Midterm 3 Study Guide

This is not meant to be an exhaustive list of everything you need to know, but it is a good starting place.

  1. What is the formal definition of a Turing machine?
  2. Describe what a configuration for a Turing machine is.
  3. What are the possible outcomes of running a Turing machine on some input?
  4. When do we say a language is Turing-recognizable?
  5. When do we say that a language is decidable?
  6. Describe in fairly low detail Turing machines that decide “simple” problems (e.g. some regular languages or CFGs).
  7. What is a multi-tape Turing machine?
  8. Describe how we can simulate a multi-tape Turing machine with a single-tape Turing machine.
  9. What is a non-deterministic Turing machine?
  10. Describe how we can simulate a non-deterministic Turing machine via a multi-tape Turing machine.
  11. Describe how the string representation of a graph might be.
  12. Describe how the string representation of a Turing machine might be.
  13. Describe the acceptance, empty language and equivalent languages problems for DFAs, and show that the corresponding languages are decidable.
  14. Describe the acceptance, empty language and equivalent languages problems for CFGs. Show that the acceptance and empty language problems are decidable.
  15. Describe the languages \(A_\textrm{TM}\) and \(\textrm{HALT}_\textrm{TM}\). Show that they are undecidable (this is effectively the Halting Problem question).
  16. Show that if a language is both Turing-recognizable and co-Turing-recognizable, then it is decidable.
  17. Show that \(E_\textrm{TM}\) and \(\textrm{EQ}_\textrm{TM}\) are undecidable.
  18. Define the concept of mapping reducibility and computable functions.

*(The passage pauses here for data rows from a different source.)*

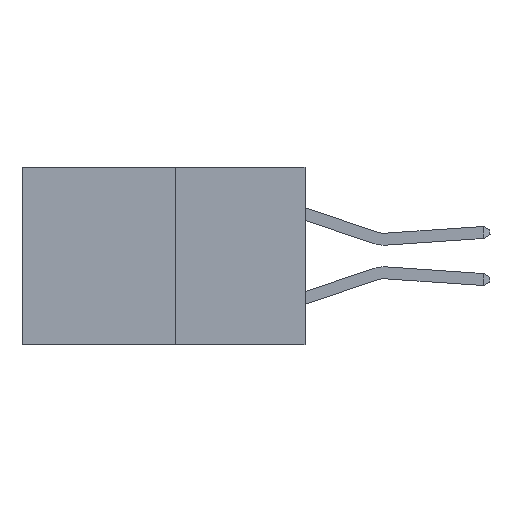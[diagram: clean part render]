
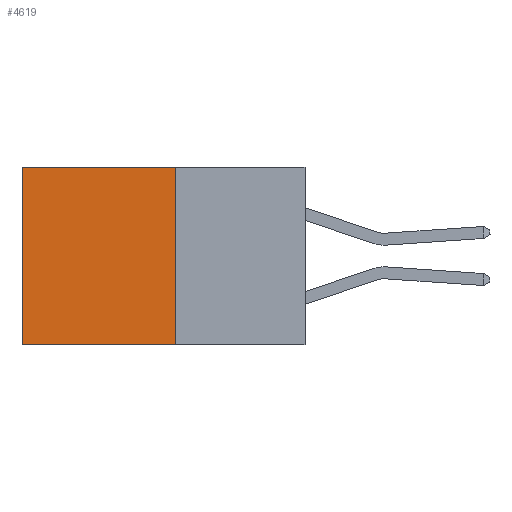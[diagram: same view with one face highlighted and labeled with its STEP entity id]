
A CAD part, left-side view. The second image highlights one B-rep face of the part: STEP entity #4619.
In plain terms, the highlighted planar face has unit normal (-1, 0, 0).
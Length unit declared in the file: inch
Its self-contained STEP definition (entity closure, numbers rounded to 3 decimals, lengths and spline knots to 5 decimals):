
#183 = CARTESIAN_POINT ( 'NONE',  ( 0.277, 0.59, -0.37 ) ) ;
#486 = VECTOR ( 'NONE', #4019, 39.37008 ) ;
#619 = CARTESIAN_POINT ( 'NONE',  ( 0.277, 0.27, -0.37 ) ) ;
#1096 = EDGE_CURVE ( 'NONE', #5855, #14311, #9062, .T. ) ;
#1247 = DIRECTION ( 'NONE',  ( 0., 0., -1. ) ) ;
#1713 = AXIS2_PLACEMENT_3D ( 'NONE', #619, #16460, #16455 ) ;
#2053 = VECTOR ( 'NONE', #3481, 39.37008 ) ;
#2546 = CARTESIAN_POINT ( 'NONE',  ( 0.277, 0.27, -0.37 ) ) ;
#2599 = EDGE_CURVE ( 'NONE', #4042, #5855, #15866, .T. ) ;
#3443 = LINE ( 'NONE', #11640, #6971 ) ;
#3481 = DIRECTION ( 'NONE',  ( 0., 1., 0. ) ) ;
#3744 = CARTESIAN_POINT ( 'NONE',  ( 0.277, 0.27, -0.37 ) ) ;
#4019 = DIRECTION ( 'NONE',  ( 0., 1., 0. ) ) ;
#4042 = VERTEX_POINT ( 'NONE', #7879 ) ;
#4217 = CARTESIAN_POINT ( 'NONE',  ( 0.277, 0.59, -0.37 ) ) ;
#4225 = VERTEX_POINT ( 'NONE', #2546 ) ;
#4619 = ADVANCED_FACE ( 'NONE', ( #15232 ), #16488, .F. ) ;
#4861 = ORIENTED_EDGE ( 'NONE', *, *, #2599, .T. ) ;
#5362 = EDGE_LOOP ( 'NONE', ( #7119, #7261, #14502, #4861 ) ) ;
#5625 = VECTOR ( 'NONE', #1247, 39.37008 ) ;
#5855 = VERTEX_POINT ( 'NONE', #6664 ) ;
#6007 = EDGE_CURVE ( 'NONE', #4225, #14311, #11027, .T. ) ;
#6664 = CARTESIAN_POINT ( 'NONE',  ( 0.277, 0.59, 0. ) ) ;
#6971 = VECTOR ( 'NONE', #16717, 39.37008 ) ;
#7119 = ORIENTED_EDGE ( 'NONE', *, *, #1096, .T. ) ;
#7261 = ORIENTED_EDGE ( 'NONE', *, *, #6007, .F. ) ;
#7879 = CARTESIAN_POINT ( 'NONE',  ( 0.277, 0.27, 0. ) ) ;
#8753 = CARTESIAN_POINT ( 'NONE',  ( 0.277, 0.27, 0. ) ) ;
#9062 = LINE ( 'NONE', #4217, #5625 ) ;
#11027 = LINE ( 'NONE', #3744, #486 ) ;
#11640 = CARTESIAN_POINT ( 'NONE',  ( 0.277, 0.27, -0.37 ) ) ;
#14311 = VERTEX_POINT ( 'NONE', #183 ) ;
#14502 = ORIENTED_EDGE ( 'NONE', *, *, #15347, .F. ) ;
#15232 = FACE_OUTER_BOUND ( 'NONE', #5362, .T. ) ;
#15347 = EDGE_CURVE ( 'NONE', #4042, #4225, #3443, .T. ) ;
#15866 = LINE ( 'NONE', #8753, #2053 ) ;
#16455 = DIRECTION ( 'NONE',  ( 0., 0., -1. ) ) ;
#16460 = DIRECTION ( 'NONE',  ( 1., 0., 0. ) ) ;
#16488 = PLANE ( 'NONE',  #1713 ) ;
#16717 = DIRECTION ( 'NONE',  ( 0., 0., -1. ) ) ;
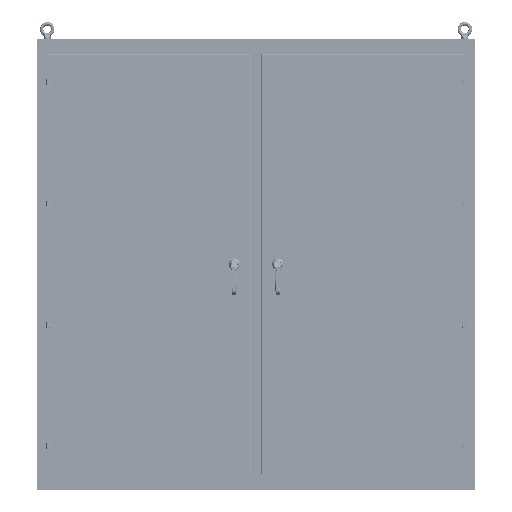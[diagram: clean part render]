
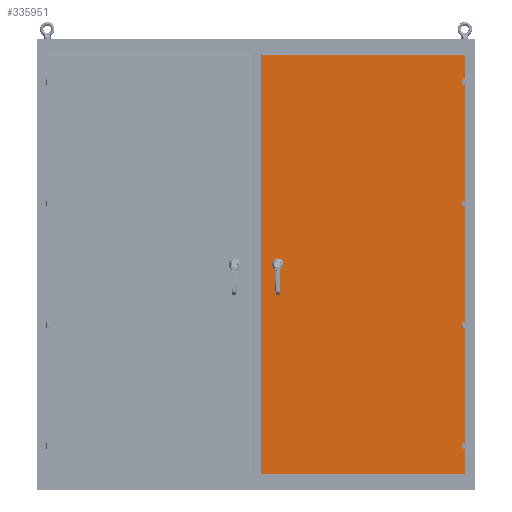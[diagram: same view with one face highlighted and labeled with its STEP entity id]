
A CAD part, top view. The second image highlights one B-rep face of the part: STEP entity #335951.
In plain terms, the highlighted planar face has unit normal (0, 0, 1).
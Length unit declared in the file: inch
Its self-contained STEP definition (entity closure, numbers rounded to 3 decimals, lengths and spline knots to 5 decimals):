
#3479 = EDGE_CURVE ( 'NONE', #235015, #235015, #301499, .T. ) ;
#9646 = CARTESIAN_POINT ( 'NONE',  ( 1.0375, 0., 13.058 ) ) ;
#17508 = AXIS2_PLACEMENT_3D ( 'NONE', #282069, #251904, #374506 ) ;
#18982 = AXIS2_PLACEMENT_3D ( 'NONE', #178258, #272716, #357280 ) ;
#36495 = CARTESIAN_POINT ( 'NONE',  ( 37.0249, -37.15, 13.058 ) ) ;
#44565 = EDGE_CURVE ( 'NONE', #349086, #233786, #75930, .T. ) ;
#49065 = EDGE_LOOP ( 'NONE', ( #197702 ) ) ;
#62227 = CARTESIAN_POINT ( 'NONE',  ( 1.0375, -37.15, 13.058 ) ) ;
#68522 = CARTESIAN_POINT ( 'NONE',  ( 1.0375, 37.15, 13.058 ) ) ;
#75930 = LINE ( 'NONE', #9646, #363773 ) ;
#81588 = LINE ( 'NONE', #266580, #322130 ) ;
#87228 = ORIENTED_EDGE ( 'NONE', *, *, #217179, .F. ) ;
#109442 = ORIENTED_EDGE ( 'NONE', *, *, #44565, .F. ) ;
#121718 = CARTESIAN_POINT ( 'NONE',  ( 37.0249, 0., 13.058 ) ) ;
#127239 = FACE_OUTER_BOUND ( 'NONE', #247273, .T. ) ;
#147328 = VECTOR ( 'NONE', #390787, 39.37008 ) ;
#178258 = CARTESIAN_POINT ( 'NONE',  ( 3.84616, 0., 13.058 ) ) ;
#183345 = VERTEX_POINT ( 'NONE', #345176 ) ;
#197702 = ORIENTED_EDGE ( 'NONE', *, *, #3479, .F. ) ;
#217179 = EDGE_CURVE ( 'NONE', #233786, #183345, #247414, .T. ) ;
#219751 = FACE_BOUND ( 'NONE', #49065, .T. ) ;
#233786 = VERTEX_POINT ( 'NONE', #68522 ) ;
#235015 = VERTEX_POINT ( 'NONE', #391812 ) ;
#247273 = EDGE_LOOP ( 'NONE', ( #87228, #109442, #330528, #308652 ) ) ;
#247414 = LINE ( 'NONE', #268109, #147328 ) ;
#251904 = DIRECTION ( 'NONE',  ( 0., 0., -1. ) ) ;
#262062 = EDGE_CURVE ( 'NONE', #303851, #349086, #81588, .T. ) ;
#266580 = CARTESIAN_POINT ( 'NONE',  ( 19.0312, -37.15, 13.058 ) ) ;
#268109 = CARTESIAN_POINT ( 'NONE',  ( 19.0312, 37.15, 13.058 ) ) ;
#272716 = DIRECTION ( 'NONE',  ( 0., 0., 1. ) ) ;
#278158 = EDGE_CURVE ( 'NONE', #183345, #303851, #397300, .T. ) ;
#282069 = CARTESIAN_POINT ( 'NONE',  ( 19.0312, 0., 13.058 ) ) ;
#301499 = CIRCLE ( 'NONE', #18982, 0.43307 ) ;
#303851 = VERTEX_POINT ( 'NONE', #36495 ) ;
#308652 = ORIENTED_EDGE ( 'NONE', *, *, #278158, .F. ) ;
#322130 = VECTOR ( 'NONE', #328880, 39.37008 ) ;
#328880 = DIRECTION ( 'NONE',  ( -1., 0., 0. ) ) ;
#330528 = ORIENTED_EDGE ( 'NONE', *, *, #262062, .F. ) ;
#335951 = ADVANCED_FACE ( 'NONE', ( #127239, #219751 ), #342400, .F. ) ;
#342400 = PLANE ( 'NONE',  #17508 ) ;
#345176 = CARTESIAN_POINT ( 'NONE',  ( 37.0249, 37.15, 13.058 ) ) ;
#349086 = VERTEX_POINT ( 'NONE', #62227 ) ;
#357280 = DIRECTION ( 'NONE',  ( 1., 0., 0. ) ) ;
#363773 = VECTOR ( 'NONE', #381635, 39.37008 ) ;
#367043 = DIRECTION ( 'NONE',  ( 0., -1., 0. ) ) ;
#374506 = DIRECTION ( 'NONE',  ( -1., 0., 0. ) ) ;
#376269 = VECTOR ( 'NONE', #367043, 39.37008 ) ;
#381635 = DIRECTION ( 'NONE',  ( 0., 1., 0. ) ) ;
#390787 = DIRECTION ( 'NONE',  ( 1., 0., 0. ) ) ;
#391812 = CARTESIAN_POINT ( 'NONE',  ( 4.27923, 0., 13.058 ) ) ;
#397300 = LINE ( 'NONE', #121718, #376269 ) ;
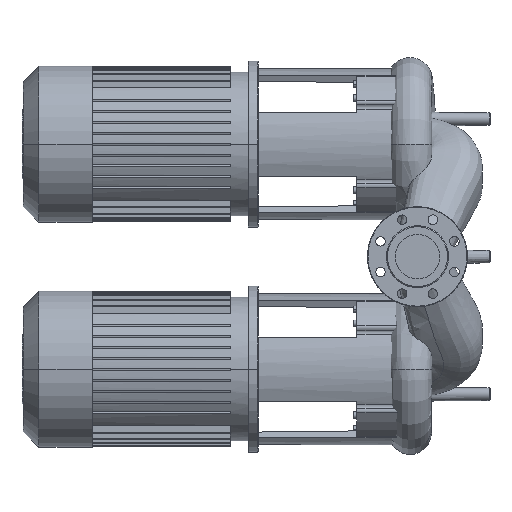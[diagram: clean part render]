
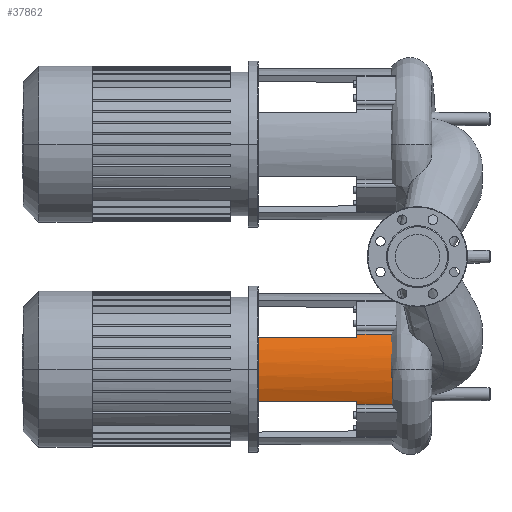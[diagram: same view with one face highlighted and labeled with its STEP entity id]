
A CAD part, left-side view. The second image highlights one B-rep face of the part: STEP entity #37862.
In plain terms, the highlighted cylindrical face has radius 151 mm (diameter 302 mm), a partial arc.
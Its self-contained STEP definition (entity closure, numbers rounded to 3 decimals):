
#36809=CARTESIAN_POINT('',(113.148,318.0,-288.815));
#36810=VERTEX_POINT('',#36809);
#36811=CARTESIAN_POINT('',(113.148,318.0,-161.185));
#36812=VERTEX_POINT('',#36811);
#36813=CARTESIAN_POINT('',(250.0,318.0,-225.0));
#36814=DIRECTION('',(0.0,1.0,0.0));
#36815=DIRECTION('',(-0.906,0.0,0.423));
#36816=AXIS2_PLACEMENT_3D('',#36813,#36814,#36815);
#36817=CIRCLE('',#36816,151.);
#36818=EDGE_CURVE('',#36810,#36812,#36817,.T.);
#36893=CARTESIAN_POINT('',(113.148,121.05,-288.815));
#36894=VERTEX_POINT('',#36893);
#36901=CARTESIAN_POINT('',(113.148,318.0,-288.815));
#36902=DIRECTION('',(0.0,-1.0,0.0));
#36903=VECTOR('',#36902,196.95);
#36904=LINE('',#36901,#36903);
#36905=EDGE_CURVE('',#36810,#36894,#36904,.T.);
#36973=CARTESIAN_POINT('',(113.148,121.05,-161.185));
#36974=VERTEX_POINT('',#36973);
#36975=CARTESIAN_POINT('',(113.148,318.0,-161.185));
#36976=DIRECTION('',(0.0,-1.0,0.0));
#36977=VECTOR('',#36976,196.95);
#36978=LINE('',#36975,#36977);
#36979=EDGE_CURVE('',#36812,#36974,#36978,.T.);
#37225=CARTESIAN_POINT('',(116.188,121.05,-155.033));
#37226=VERTEX_POINT('',#37225);
#37227=CARTESIAN_POINT('',(250.0,121.05,-225.0));
#37228=DIRECTION('',(0.0,-1.0,0.0));
#37229=DIRECTION('',(1.0,0.0,0.0));
#37230=AXIS2_PLACEMENT_3D('',#37227,#37228,#37229);
#37231=CIRCLE('',#37230,151.0);
#37232=EDGE_CURVE('',#37226,#36974,#37231,.T.);
#37490=CARTESIAN_POINT('',(116.188,121.05,-294.967));
#37491=VERTEX_POINT('',#37490);
#37499=CARTESIAN_POINT('',(250.0,121.05,-225.0));
#37500=DIRECTION('',(0.0,-1.0,0.0));
#37501=DIRECTION('',(1.0,0.0,0.0));
#37502=AXIS2_PLACEMENT_3D('',#37499,#37500,#37501);
#37503=CIRCLE('',#37502,151.0);
#37504=EDGE_CURVE('',#36894,#37491,#37503,.T.);
#37816=CARTESIAN_POINT('',(116.188,20.0,-294.967));
#37817=VERTEX_POINT('',#37816);
#37825=CARTESIAN_POINT('',(116.188,20.0,-294.967));
#37826=DIRECTION('',(0.0,1.0,0.0));
#37827=VECTOR('',#37826,101.05);
#37828=LINE('',#37825,#37827);
#37829=EDGE_CURVE('',#37817,#37491,#37828,.T.);
#37834=CARTESIAN_POINT('',(250.0,20.0,-225.0));
#37835=DIRECTION('',(0.0,1.0,0.0));
#37836=DIRECTION('',(1.0,0.0,0.0));
#37837=AXIS2_PLACEMENT_3D('',#37834,#37835,#37836);
#37838=CYLINDRICAL_SURFACE('',#37837,151.0);
#37839=ORIENTED_EDGE('',*,*,#37829,.F.);
#37840=CARTESIAN_POINT('',(116.188,20.0,-155.033));
#37841=VERTEX_POINT('',#37840);
#37842=CARTESIAN_POINT('',(250.0,20.0,-225.0));
#37843=DIRECTION('',(0.0,-1.0,0.0));
#37844=DIRECTION('',(1.0,0.0,0.0));
#37845=AXIS2_PLACEMENT_3D('',#37842,#37843,#37844);
#37846=CIRCLE('',#37845,151.0);
#37847=EDGE_CURVE('',#37841,#37817,#37846,.T.);
#37848=ORIENTED_EDGE('',*,*,#37847,.F.);
#37849=CARTESIAN_POINT('',(116.188,121.05,-155.033));
#37850=DIRECTION('',(0.0,-1.0,0.0));
#37851=VECTOR('',#37850,101.05);
#37852=LINE('',#37849,#37851);
#37853=EDGE_CURVE('',#37226,#37841,#37852,.T.);
#37854=ORIENTED_EDGE('',*,*,#37853,.F.);
#37855=ORIENTED_EDGE('',*,*,#37232,.T.);
#37856=ORIENTED_EDGE('',*,*,#36979,.F.);
#37857=ORIENTED_EDGE('',*,*,#36818,.F.);
#37858=ORIENTED_EDGE('',*,*,#36905,.T.);
#37859=ORIENTED_EDGE('',*,*,#37504,.T.);
#37860=EDGE_LOOP('',(#37839,#37848,#37854,#37855,#37856,#37857,#37858,#37859));
#37861=FACE_OUTER_BOUND('',#37860,.T.);
#37862=ADVANCED_FACE('',(#37861),#37838,.T.);
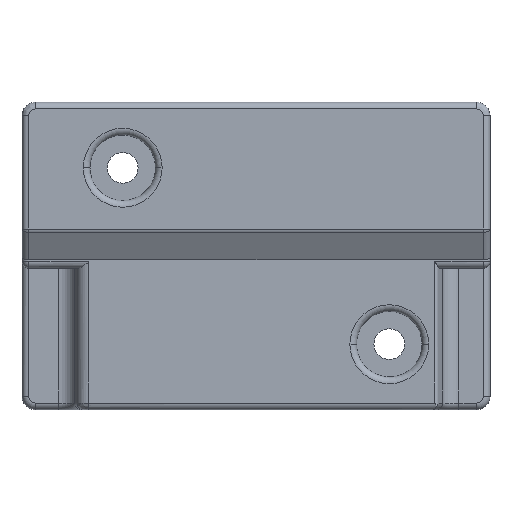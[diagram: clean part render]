
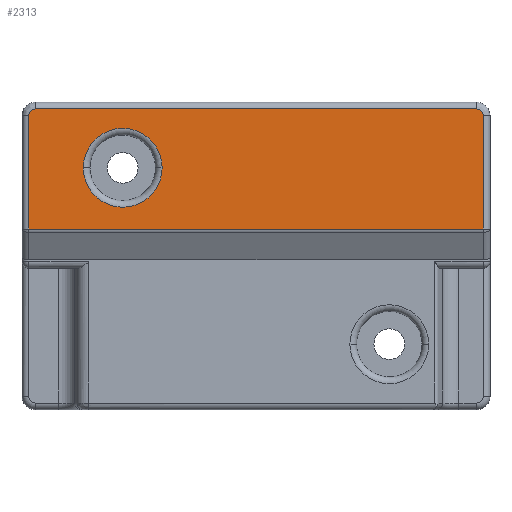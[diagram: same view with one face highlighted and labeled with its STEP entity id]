
A CAD part, left-side view. The second image highlights one B-rep face of the part: STEP entity #2313.
In plain terms, the highlighted planar face has unit normal (-1, 0, 0).
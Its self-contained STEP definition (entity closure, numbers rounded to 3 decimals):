
#736=DIRECTION('',(0.,0.,1.));
#737=VECTOR('',#736,8.481);
#738=CARTESIAN_POINT('',(-1.24,-17.,2.019));
#739=LINE('',#738,#737);
#743=DIRECTION('',(0.,-1.,0.));
#744=VECTOR('',#743,34.);
#745=CARTESIAN_POINT('',(-1.24,17.,2.019));
#746=LINE('',#745,#744);
#750=DIRECTION('',(0.,0.,-1.));
#751=VECTOR('',#750,8.481);
#752=CARTESIAN_POINT('',(-1.24,17.,10.5));
#753=LINE('',#752,#751);
#757=CARTESIAN_POINT('',(-1.24,16.5,10.5));
#758=DIRECTION('',(-1.,0.,0.));
#759=DIRECTION('',(0.,0.,1.));
#760=AXIS2_PLACEMENT_3D('',#757,#758,#759);
#765=DIRECTION('',(0.,1.,0.));
#766=VECTOR('',#765,33.);
#767=CARTESIAN_POINT('',(-1.24,-16.5,11.));
#768=LINE('',#767,#766);
#772=CARTESIAN_POINT('',(-1.24,-16.5,10.5));
#773=DIRECTION('',(-1.,0.,0.));
#774=DIRECTION('',(0.,-1.,0.));
#775=AXIS2_PLACEMENT_3D('',#772,#773,#774);
#780=CARTESIAN_POINT('',(-1.24,9.97,6.595));
#781=DIRECTION('',(1.,0.,0.));
#782=DIRECTION('',(0.,1.,0.));
#783=AXIS2_PLACEMENT_3D('',#780,#781,#782);
#788=CARTESIAN_POINT('',(-1.24,9.97,6.595));
#789=DIRECTION('',(1.,0.,0.));
#790=DIRECTION('',(0.,-1.,0.));
#791=AXIS2_PLACEMENT_3D('',#788,#789,#790);
#1592=CARTESIAN_POINT('',(-1.24,-17.,2.019));
#1593=CARTESIAN_POINT('',(-1.24,-17.,10.5));
#1594=VERTEX_POINT('',#1592);
#1595=VERTEX_POINT('',#1593);
#1600=CARTESIAN_POINT('',(-1.24,-16.5,11.));
#1601=VERTEX_POINT('',#1600);
#1604=CARTESIAN_POINT('',(-1.24,16.5,11.));
#1605=VERTEX_POINT('',#1604);
#1608=CARTESIAN_POINT('',(-1.24,17.,10.5));
#1609=VERTEX_POINT('',#1608);
#1614=CARTESIAN_POINT('',(-1.24,17.,2.019));
#1615=VERTEX_POINT('',#1614);
#1690=CARTESIAN_POINT('',(-1.24,12.92,6.595));
#1691=CARTESIAN_POINT('',(-1.24,7.02,6.595));
#1692=VERTEX_POINT('',#1690);
#1693=VERTEX_POINT('',#1691);
#2289=CARTESIAN_POINT('',(-1.24,0.,0.));
#2290=DIRECTION('',(-1.,0.,0.));
#2291=DIRECTION('',(0.,-1.,0.));
#2292=AXIS2_PLACEMENT_3D('',#2289,#2290,#2291);
#2293=PLANE('',#2292);
#2295=ORIENTED_EDGE('',*,*,#2294,.F.);
#2297=ORIENTED_EDGE('',*,*,#2296,.F.);
#2299=ORIENTED_EDGE('',*,*,#2298,.F.);
#2301=ORIENTED_EDGE('',*,*,#2300,.F.);
#2303=ORIENTED_EDGE('',*,*,#2302,.F.);
#2304=ORIENTED_EDGE('',*,*,#2279,.F.);
#2305=EDGE_LOOP('',(#2295,#2297,#2299,#2301,#2303,#2304));
#2306=FACE_OUTER_BOUND('',#2305,.F.);
#2308=ORIENTED_EDGE('',*,*,#2307,.F.);
#2310=ORIENTED_EDGE('',*,*,#2309,.F.);
#2311=EDGE_LOOP('',(#2308,#2310));
#2312=FACE_BOUND('',#2311,.F.);
#2313=ADVANCED_FACE('',(#2306,#2312),#2293,.T.);
#761=CIRCLE('',#760,0.5);
#776=CIRCLE('',#775,0.5);
#784=CIRCLE('',#783,2.95);
#792=CIRCLE('',#791,2.95);
#2279=EDGE_CURVE('',#1595,#1601,#776,.T.);
#2294=EDGE_CURVE('',#1594,#1595,#739,.T.);
#2296=EDGE_CURVE('',#1615,#1594,#746,.T.);
#2298=EDGE_CURVE('',#1609,#1615,#753,.T.);
#2300=EDGE_CURVE('',#1605,#1609,#761,.T.);
#2302=EDGE_CURVE('',#1601,#1605,#768,.T.);
#2307=EDGE_CURVE('',#1692,#1693,#784,.T.);
#2309=EDGE_CURVE('',#1693,#1692,#792,.T.);

  19. If \(A\leq_m B\), what statements can be made about when the decidability/undecidablity/Turing-recognizability/non-Turing-recognizability and so on of one language implies the same for the other?
  20. Show that \(\textrm{EQ}_\textrm{TM}\) is neither Turing-recognizable and co-Turing-recognizable.
  21. How do we define the time complexity of a decidable Turing-machine?
  22. What is the time complexity class \(\textrm{TIME}(t(n))\).
  23. What is the class \(P\)? Show examples of languages that are in \(P\).
  24. What is the class \(NP\)? Show examples of languages that are in \(NP\).
  25. Define polynomial-time reducibility.
  26. What problems are called \(NP\)-complete?
  27. Describe the problems SAT, 3SAT, CLIQUE, VERTEX-COVER, HAMPATH, 3COLOR, SUBSET-SUM.
  28. State the Cook-Levin theorem. Explain its significance.
  29. Show that 3SAT is polynomial time reducible to CLIQUE as well as to VERTEX-COVER. Use this to show these are NP-complete.